## PROBLEM TO SOLVE
Show the lines below that contain the string "stroke".

***

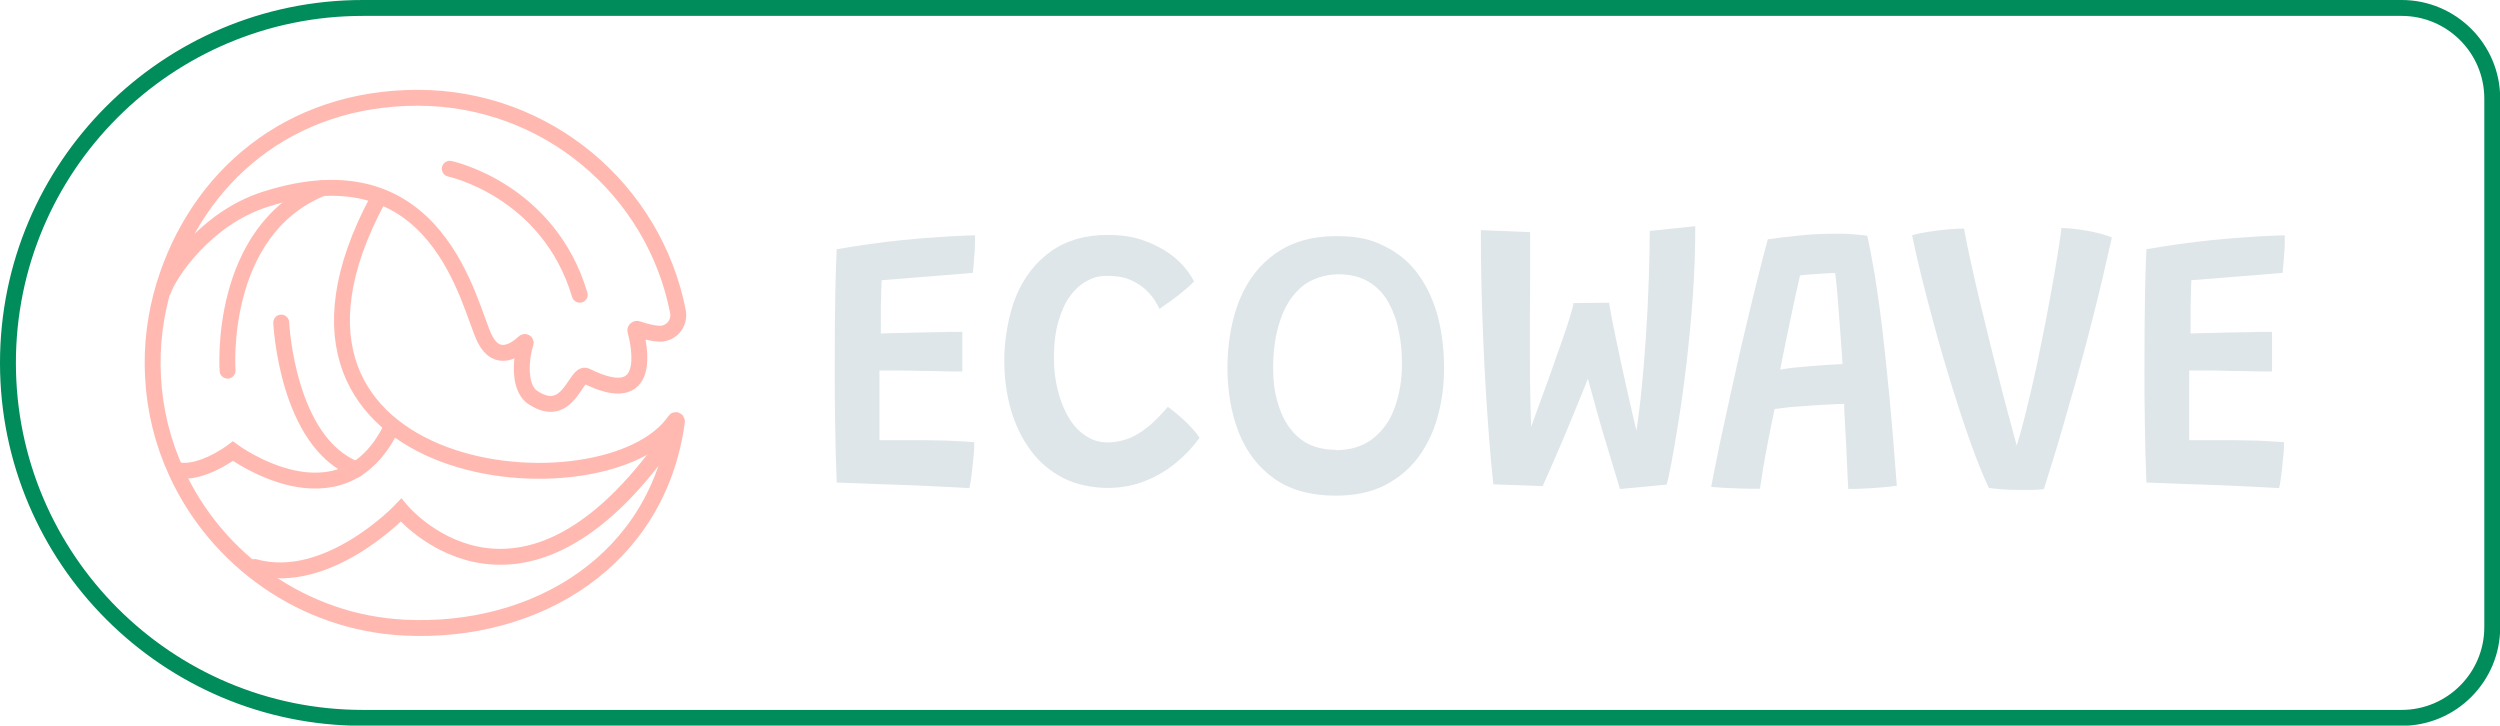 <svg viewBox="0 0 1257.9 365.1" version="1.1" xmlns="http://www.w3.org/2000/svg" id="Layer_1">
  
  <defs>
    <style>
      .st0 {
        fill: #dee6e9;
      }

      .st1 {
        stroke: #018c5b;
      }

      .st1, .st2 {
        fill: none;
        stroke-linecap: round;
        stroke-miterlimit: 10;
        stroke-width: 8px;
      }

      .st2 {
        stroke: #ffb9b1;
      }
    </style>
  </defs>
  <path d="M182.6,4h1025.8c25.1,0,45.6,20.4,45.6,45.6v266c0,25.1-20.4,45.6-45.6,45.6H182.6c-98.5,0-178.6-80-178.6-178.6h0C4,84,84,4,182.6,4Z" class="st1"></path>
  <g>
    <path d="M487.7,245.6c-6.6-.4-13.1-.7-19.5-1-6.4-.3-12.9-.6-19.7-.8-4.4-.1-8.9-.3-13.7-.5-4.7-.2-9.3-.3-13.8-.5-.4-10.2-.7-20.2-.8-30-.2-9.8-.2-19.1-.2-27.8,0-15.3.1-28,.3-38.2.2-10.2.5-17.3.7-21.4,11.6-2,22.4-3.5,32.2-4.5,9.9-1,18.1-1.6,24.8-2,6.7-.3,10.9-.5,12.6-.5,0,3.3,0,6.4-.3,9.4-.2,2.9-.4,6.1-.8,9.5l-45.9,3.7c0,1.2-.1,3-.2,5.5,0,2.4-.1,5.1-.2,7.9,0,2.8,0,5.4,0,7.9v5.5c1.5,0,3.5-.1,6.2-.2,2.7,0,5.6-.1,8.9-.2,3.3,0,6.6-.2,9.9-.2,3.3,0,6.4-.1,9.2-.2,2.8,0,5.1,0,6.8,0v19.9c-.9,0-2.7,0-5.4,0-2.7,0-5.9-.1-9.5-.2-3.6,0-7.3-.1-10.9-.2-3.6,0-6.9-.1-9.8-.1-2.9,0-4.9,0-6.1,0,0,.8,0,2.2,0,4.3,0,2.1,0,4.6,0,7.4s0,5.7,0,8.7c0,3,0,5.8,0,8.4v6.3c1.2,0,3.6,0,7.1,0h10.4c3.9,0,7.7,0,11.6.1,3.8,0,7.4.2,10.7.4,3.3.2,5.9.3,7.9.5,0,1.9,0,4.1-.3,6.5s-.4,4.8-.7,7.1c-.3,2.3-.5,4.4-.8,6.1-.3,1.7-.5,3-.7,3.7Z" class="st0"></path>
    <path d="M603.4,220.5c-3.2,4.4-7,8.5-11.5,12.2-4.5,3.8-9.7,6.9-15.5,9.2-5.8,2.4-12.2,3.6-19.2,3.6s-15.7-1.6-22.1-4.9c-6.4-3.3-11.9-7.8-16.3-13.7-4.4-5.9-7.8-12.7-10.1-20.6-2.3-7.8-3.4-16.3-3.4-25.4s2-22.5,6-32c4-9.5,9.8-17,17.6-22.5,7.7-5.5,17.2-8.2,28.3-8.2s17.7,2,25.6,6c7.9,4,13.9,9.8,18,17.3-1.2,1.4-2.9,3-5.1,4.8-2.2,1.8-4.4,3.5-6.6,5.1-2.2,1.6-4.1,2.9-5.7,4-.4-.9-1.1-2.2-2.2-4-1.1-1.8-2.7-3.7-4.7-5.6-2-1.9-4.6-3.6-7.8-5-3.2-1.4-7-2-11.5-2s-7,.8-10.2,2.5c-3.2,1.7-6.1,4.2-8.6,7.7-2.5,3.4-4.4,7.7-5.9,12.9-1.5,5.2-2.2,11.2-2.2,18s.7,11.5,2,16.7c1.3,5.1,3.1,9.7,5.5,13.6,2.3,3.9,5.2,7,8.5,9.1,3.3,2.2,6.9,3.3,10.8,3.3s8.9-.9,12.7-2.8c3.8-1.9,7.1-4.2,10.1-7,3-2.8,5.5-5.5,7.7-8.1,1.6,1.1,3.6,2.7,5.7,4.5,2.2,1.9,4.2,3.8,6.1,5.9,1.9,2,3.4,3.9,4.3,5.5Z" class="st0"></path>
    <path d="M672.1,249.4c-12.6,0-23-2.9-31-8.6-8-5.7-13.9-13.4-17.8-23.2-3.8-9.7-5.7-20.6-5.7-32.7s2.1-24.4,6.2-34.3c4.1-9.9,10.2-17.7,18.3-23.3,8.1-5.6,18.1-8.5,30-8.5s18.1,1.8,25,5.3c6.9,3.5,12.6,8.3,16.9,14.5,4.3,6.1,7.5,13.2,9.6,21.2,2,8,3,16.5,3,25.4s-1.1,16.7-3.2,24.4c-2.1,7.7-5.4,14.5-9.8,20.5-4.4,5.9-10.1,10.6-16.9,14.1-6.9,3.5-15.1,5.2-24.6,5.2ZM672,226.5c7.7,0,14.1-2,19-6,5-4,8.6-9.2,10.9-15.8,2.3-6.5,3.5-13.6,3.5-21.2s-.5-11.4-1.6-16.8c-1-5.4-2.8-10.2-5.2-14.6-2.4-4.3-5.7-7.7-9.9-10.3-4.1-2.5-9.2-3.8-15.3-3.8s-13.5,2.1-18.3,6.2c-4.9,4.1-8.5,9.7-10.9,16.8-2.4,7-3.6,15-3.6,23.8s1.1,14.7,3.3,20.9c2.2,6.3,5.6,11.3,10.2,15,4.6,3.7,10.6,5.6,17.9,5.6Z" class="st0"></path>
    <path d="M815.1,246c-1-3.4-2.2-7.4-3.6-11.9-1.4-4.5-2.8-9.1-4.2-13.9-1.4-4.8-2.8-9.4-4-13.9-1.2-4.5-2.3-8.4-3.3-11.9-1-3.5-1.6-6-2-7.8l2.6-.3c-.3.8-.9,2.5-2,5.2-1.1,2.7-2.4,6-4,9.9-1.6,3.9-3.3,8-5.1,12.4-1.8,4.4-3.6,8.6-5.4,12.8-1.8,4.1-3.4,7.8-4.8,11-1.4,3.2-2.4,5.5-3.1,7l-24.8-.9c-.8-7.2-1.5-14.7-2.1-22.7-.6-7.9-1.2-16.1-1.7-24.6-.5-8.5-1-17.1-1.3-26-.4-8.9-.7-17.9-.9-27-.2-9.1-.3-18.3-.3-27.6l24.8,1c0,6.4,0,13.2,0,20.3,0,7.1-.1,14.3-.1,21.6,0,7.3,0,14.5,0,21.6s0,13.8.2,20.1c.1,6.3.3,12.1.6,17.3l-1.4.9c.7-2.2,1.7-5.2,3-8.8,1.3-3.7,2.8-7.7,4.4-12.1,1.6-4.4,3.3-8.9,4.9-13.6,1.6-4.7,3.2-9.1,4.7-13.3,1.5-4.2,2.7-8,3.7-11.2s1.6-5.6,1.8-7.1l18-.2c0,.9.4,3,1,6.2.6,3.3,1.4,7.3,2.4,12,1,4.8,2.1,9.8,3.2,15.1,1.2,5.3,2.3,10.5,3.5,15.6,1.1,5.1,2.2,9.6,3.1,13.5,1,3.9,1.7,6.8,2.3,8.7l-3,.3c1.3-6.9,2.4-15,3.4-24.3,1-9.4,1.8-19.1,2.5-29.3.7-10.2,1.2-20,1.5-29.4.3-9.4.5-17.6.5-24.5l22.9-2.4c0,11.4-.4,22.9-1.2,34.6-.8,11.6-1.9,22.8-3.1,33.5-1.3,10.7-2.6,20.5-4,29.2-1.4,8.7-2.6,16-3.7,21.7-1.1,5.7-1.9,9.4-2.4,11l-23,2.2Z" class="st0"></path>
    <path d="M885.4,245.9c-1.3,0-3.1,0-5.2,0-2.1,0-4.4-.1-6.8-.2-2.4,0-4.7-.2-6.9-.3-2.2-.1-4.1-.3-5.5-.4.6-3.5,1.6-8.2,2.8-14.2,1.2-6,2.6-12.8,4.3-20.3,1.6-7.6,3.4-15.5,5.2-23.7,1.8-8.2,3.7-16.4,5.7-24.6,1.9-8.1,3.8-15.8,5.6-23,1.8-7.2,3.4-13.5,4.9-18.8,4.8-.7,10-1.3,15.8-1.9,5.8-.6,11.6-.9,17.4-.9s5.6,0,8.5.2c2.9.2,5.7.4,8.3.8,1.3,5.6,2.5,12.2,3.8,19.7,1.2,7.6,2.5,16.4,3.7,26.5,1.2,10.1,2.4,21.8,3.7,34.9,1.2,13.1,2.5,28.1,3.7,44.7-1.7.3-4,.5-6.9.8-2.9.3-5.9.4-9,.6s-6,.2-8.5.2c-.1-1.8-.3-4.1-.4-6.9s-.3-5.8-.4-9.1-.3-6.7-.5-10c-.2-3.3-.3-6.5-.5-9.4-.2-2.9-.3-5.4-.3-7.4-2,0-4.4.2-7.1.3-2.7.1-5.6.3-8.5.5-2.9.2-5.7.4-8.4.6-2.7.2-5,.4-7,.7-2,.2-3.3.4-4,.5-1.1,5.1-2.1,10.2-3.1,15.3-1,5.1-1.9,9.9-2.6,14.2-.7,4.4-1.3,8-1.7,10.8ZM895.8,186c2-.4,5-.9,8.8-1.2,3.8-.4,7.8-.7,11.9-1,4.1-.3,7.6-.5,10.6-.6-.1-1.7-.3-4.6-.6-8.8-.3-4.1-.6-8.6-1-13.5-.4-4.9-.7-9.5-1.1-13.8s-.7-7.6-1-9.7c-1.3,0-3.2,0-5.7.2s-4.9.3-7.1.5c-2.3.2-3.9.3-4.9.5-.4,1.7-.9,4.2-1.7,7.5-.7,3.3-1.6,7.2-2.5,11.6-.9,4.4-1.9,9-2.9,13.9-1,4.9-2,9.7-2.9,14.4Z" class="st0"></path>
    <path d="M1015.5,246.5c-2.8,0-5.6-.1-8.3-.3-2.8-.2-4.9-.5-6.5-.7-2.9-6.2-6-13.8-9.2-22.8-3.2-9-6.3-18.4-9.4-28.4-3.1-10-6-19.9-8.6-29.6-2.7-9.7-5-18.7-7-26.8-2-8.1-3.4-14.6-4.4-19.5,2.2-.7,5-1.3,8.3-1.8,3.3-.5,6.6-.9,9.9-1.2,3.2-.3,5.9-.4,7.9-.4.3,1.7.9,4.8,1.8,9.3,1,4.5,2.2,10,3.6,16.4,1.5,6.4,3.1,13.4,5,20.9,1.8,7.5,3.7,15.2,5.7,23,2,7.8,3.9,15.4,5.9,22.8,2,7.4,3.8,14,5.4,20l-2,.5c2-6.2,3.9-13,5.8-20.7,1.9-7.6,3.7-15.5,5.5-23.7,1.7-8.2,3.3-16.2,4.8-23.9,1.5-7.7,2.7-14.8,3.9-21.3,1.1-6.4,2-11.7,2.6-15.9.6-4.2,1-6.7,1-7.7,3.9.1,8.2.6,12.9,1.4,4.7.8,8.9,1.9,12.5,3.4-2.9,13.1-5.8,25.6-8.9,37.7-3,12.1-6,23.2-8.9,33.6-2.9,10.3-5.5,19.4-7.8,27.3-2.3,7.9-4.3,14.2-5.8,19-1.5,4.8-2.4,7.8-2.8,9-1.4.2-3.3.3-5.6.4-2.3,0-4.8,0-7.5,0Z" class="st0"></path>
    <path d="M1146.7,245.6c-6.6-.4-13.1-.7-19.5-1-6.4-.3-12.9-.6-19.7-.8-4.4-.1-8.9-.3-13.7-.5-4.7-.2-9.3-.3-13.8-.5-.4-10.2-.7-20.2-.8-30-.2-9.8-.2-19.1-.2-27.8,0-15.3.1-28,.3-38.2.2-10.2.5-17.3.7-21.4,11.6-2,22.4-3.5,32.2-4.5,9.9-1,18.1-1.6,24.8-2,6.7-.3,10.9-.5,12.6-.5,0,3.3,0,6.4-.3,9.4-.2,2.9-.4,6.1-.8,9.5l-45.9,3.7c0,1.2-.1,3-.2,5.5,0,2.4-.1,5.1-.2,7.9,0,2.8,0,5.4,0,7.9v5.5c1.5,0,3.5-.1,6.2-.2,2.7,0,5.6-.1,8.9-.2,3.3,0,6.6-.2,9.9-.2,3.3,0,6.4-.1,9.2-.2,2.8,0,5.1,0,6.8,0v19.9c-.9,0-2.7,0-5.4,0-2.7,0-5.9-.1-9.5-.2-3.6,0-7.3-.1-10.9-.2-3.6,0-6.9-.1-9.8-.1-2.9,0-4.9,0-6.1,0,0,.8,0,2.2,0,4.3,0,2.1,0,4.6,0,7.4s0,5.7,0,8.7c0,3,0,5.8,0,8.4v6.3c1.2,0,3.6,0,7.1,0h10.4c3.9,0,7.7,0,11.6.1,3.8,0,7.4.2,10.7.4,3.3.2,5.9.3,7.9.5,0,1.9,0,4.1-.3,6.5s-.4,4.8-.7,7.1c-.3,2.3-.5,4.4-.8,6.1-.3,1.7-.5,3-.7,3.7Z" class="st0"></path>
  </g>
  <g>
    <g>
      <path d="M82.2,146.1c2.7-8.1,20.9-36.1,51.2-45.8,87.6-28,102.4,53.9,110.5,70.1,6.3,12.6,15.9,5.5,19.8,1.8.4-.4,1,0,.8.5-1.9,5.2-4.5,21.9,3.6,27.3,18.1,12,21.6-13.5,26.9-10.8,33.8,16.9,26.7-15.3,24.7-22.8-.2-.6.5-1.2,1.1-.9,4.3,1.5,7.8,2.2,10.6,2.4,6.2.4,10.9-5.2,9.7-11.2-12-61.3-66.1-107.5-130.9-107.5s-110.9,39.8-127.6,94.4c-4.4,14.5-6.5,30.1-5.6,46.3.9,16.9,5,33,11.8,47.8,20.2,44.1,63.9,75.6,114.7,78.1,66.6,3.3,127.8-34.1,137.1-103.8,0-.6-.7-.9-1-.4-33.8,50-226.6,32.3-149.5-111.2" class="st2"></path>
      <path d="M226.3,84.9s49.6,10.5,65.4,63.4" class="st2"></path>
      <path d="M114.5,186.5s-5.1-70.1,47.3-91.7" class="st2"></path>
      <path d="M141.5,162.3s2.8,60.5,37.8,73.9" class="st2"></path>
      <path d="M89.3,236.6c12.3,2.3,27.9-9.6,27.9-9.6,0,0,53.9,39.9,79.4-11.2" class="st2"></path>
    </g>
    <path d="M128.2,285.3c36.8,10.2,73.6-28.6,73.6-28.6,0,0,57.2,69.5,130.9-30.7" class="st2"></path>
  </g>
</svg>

***

## EXERCISE RESULT
        stroke: #018c5b;
        stroke-linecap: round;
        stroke-miterlimit: 10;
        stroke-width: 8px;
        stroke: #ffb9b1;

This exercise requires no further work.